If a section in the Document is Entitled “Acknowledgements”, “Dedications”, or “History”, the requirement (section 4) to Preserve its Title (section 1) will typically require changing the actual title.
A.2.10. TERMINATION¶
You may not copy, modify, sublicense, or distribute the Document except as expressly provided for under this License. Any other attempt to copy, modify, sublicense or distribute the Document is void, and will automatically terminate your rights under this License. However, parties who have received copies, or rights, from you under this License will not have their licenses terminated so long as such parties remain in full compliance.

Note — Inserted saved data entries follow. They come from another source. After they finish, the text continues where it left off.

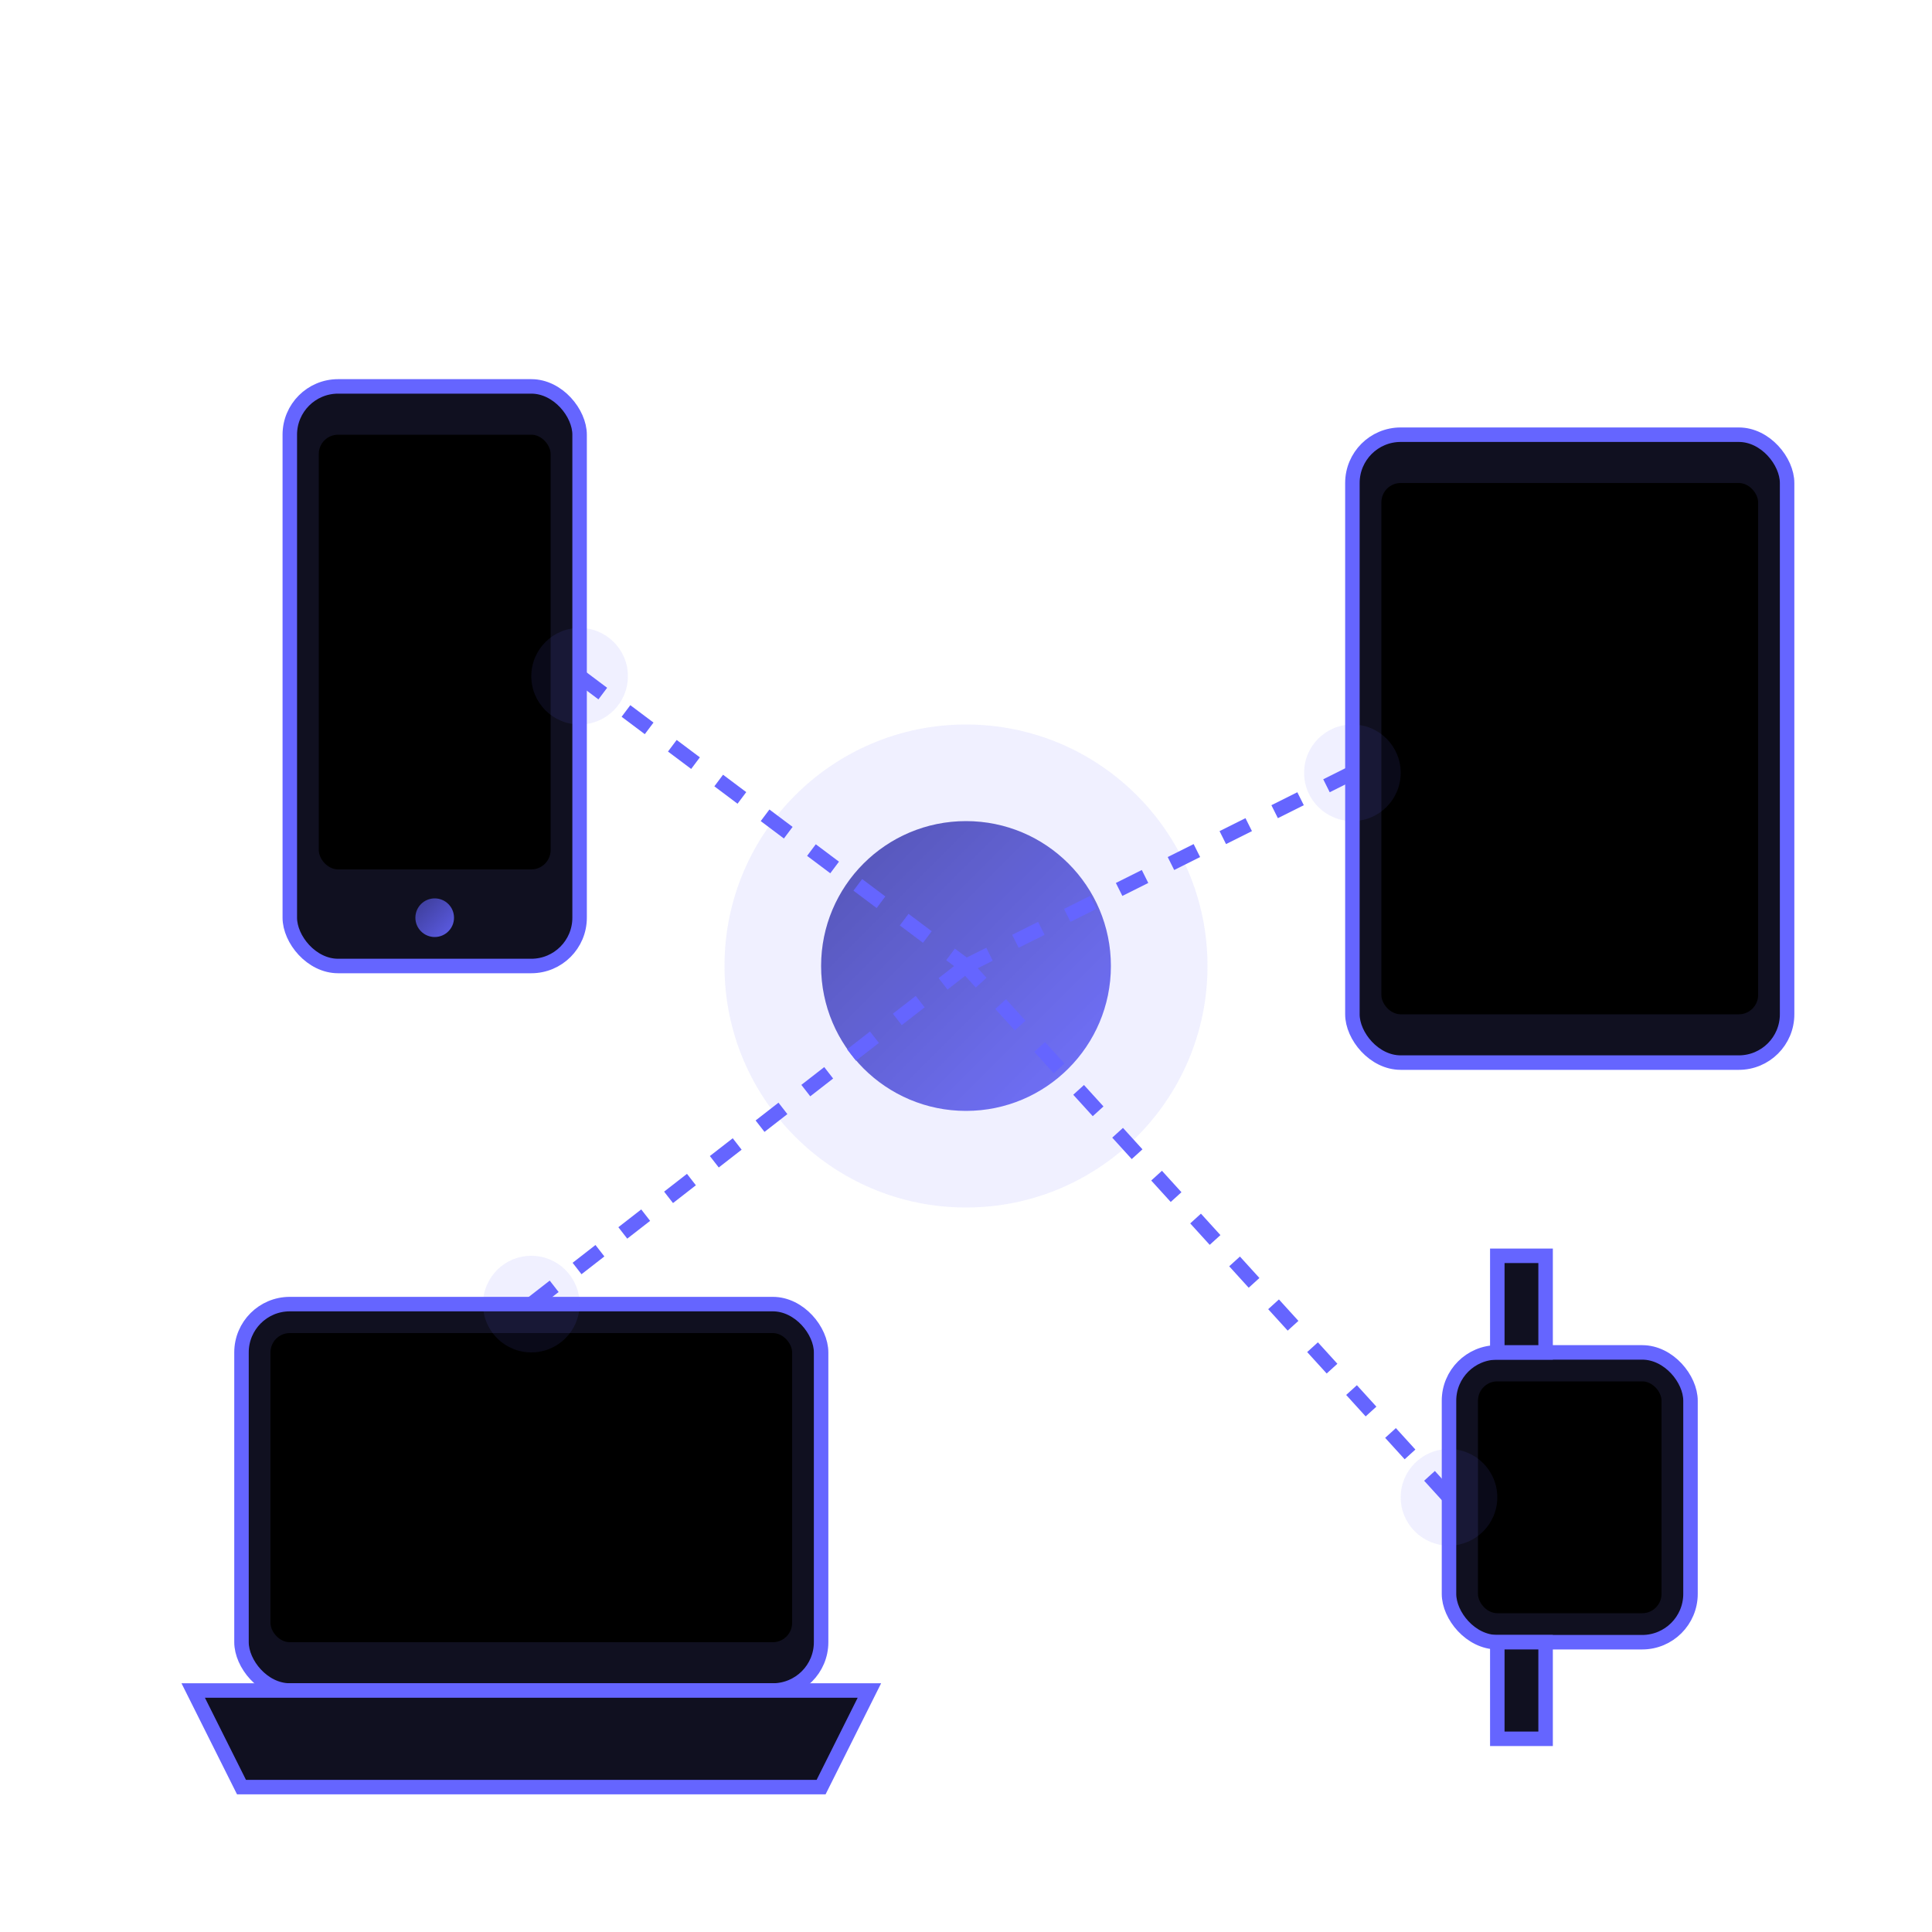 <svg xmlns="http://www.w3.org/2000/svg" viewBox="0 0 200 200">
  <defs>
    <linearGradient id="device-gradient" x1="0%" y1="0%" x2="100%" y2="100%">
      <stop offset="0%" stop-color="#4040a1" stop-opacity="0.9"/>
      <stop offset="100%" stop-color="#6565ff" stop-opacity="0.9"/>
    </linearGradient>
  </defs>
  <style>
    .device { fill: #101020; stroke: #6565ff; stroke-width: 1.5; }
    .screen { fill: #000000; }
    .device-accent { fill: url(#device-gradient); }
    .connection-line { stroke: #6565ff; stroke-width: 1.5; stroke-dasharray: 3,3; }
    .pulse-circle { fill: #6565ff; opacity: 0.1; }
  </style>
  
  <!-- Центральный круг соединений -->
  <circle class="device-accent" cx="100" cy="100" r="15"/>
  <circle class="pulse-circle" cx="100" cy="100" r="25">
    <animate attributeName="r" values="25;35;25" dur="3s" repeatCount="indefinite"/>
    <animate attributeName="opacity" values="0.1;0.3;0.1" dur="3s" repeatCount="indefinite"/>
  </circle>
  
  <!-- Устройства -->
  <!-- Телефон -->
  <rect class="device" x="30" y="40" width="30" height="60" rx="5"/>
  <rect class="screen" x="33" y="45" width="24" height="45" rx="2"/>
  <circle class="device-accent" cx="45" cy="95" r="2"/>
  
  <!-- Планшет -->
  <rect class="device" x="140" y="45" width="45" height="65" rx="5"/>
  <rect class="screen" x="143" y="50" width="39" height="55" rx="2"/>
  
  <!-- Ноутбук -->
  <rect class="device" x="25" y="135" width="60" height="40" rx="5"/>
  <rect class="screen" x="28" y="138" width="54" height="32" rx="2"/>
  <path class="device" d="M20,175 L90,175 L85,185 L25,185 Z"/>
  
  <!-- Умные часы -->
  <rect class="device" x="150" y="140" width="25" height="30" rx="5"/>
  <rect class="screen" x="153" y="143" width="19" height="24" rx="2"/>
  <rect class="device" x="155" y="130" width="5" height="10"/>
  <rect class="device" x="155" y="170" width="5" height="10"/>
  
  <!-- Линии соединения -->
  <line class="connection-line" x1="60" y1="70" x2="100" y2="100"/>
  <line class="connection-line" x1="140" y1="80" x2="100" y2="100"/>
  <line class="connection-line" x1="55" y1="135" x2="100" y2="100"/>
  <line class="connection-line" x1="150" y1="155" x2="100" y2="100"/>
  
  <!-- Пульсирующие точки подключения -->
  <circle class="pulse-circle" cx="60" cy="70" r="5">
    <animate attributeName="r" values="3;6;3" dur="2s" repeatCount="indefinite" begin="0.2s"/>
    <animate attributeName="opacity" values="0.1;0.3;0.1" dur="2s" repeatCount="indefinite" begin="0.2s"/>
  </circle>
  <circle class="pulse-circle" cx="140" cy="80" r="5">
    <animate attributeName="r" values="3;6;3" dur="2s" repeatCount="indefinite" begin="0.6s"/>
    <animate attributeName="opacity" values="0.1;0.3;0.1" dur="2s" repeatCount="indefinite" begin="0.6s"/>
  </circle>
  <circle class="pulse-circle" cx="55" cy="135" r="5">
    <animate attributeName="r" values="3;6;3" dur="2s" repeatCount="indefinite" begin="1s"/>
    <animate attributeName="opacity" values="0.1;0.3;0.1" dur="2s" repeatCount="indefinite" begin="1s"/>
  </circle>
  <circle class="pulse-circle" cx="150" cy="155" r="5">
    <animate attributeName="r" values="3;6;3" dur="2s" repeatCount="indefinite" begin="1.4s"/>
    <animate attributeName="opacity" values="0.1;0.3;0.1" dur="2s" repeatCount="indefinite" begin="1.4s"/>
  </circle>
</svg>

A.2.11. FUTURE REVISIONS OF THIS LICENSE¶
The Free Software Foundation may publish new, revised versions of the GNU Free Documentation License from time to time. Such new versions will be similar in spirit to the present version, but may differ in detail to address new problems or concerns. See http://www.gnu.org/copyleft/.
Each version of the License is given a distinguishing version number. If the Document specifies that a particular numbered version of this License “or any later version” applies to it, you have the option of following the terms and conditions either of that specified version or of any later version that has been published (not as a draft) by the Free Software Foundation. If the Document does not specify a version number of this License, you may choose any version ever published (not as a draft) by the Free Software Foundation.
A.2.12. ADDENDUM: How to use this License for your documents¶
To use this License in a document you have written, include a copy of the License in the document and put the following copyright and license notices just after the title page:
Copyright (c) YEAR YOUR NAME. Permission is granted to copy, distribute and/or modify this document under the terms of the GNU Free Documentation License, Version 1.2 or any later version published by the Free Software Foundation; with no Invariant Sections, no Front-Cover Texts, and no Back-Cover Texts. A copy of the license is included in the section entitled “GNU Free Documentation License”.
If you have Invariant Sections, Front-Cover Texts and Back-Cover Texts, replace the “with...Texts.” line with this:
with the Invariant Sections being LIST THEIR TITLES, with the Front-Cover Texts being LIST, and with the Back-Cover Texts being LIST.
If you have Invariant Sections without Cover Texts, or some other combination of the three, merge those two alternatives to suit the situation.
If your document contains nontrivial examples of program code, we recommend releasing these examples in parallel under your choice of free software license, such as the GNU General Public License, to permit their use in free software.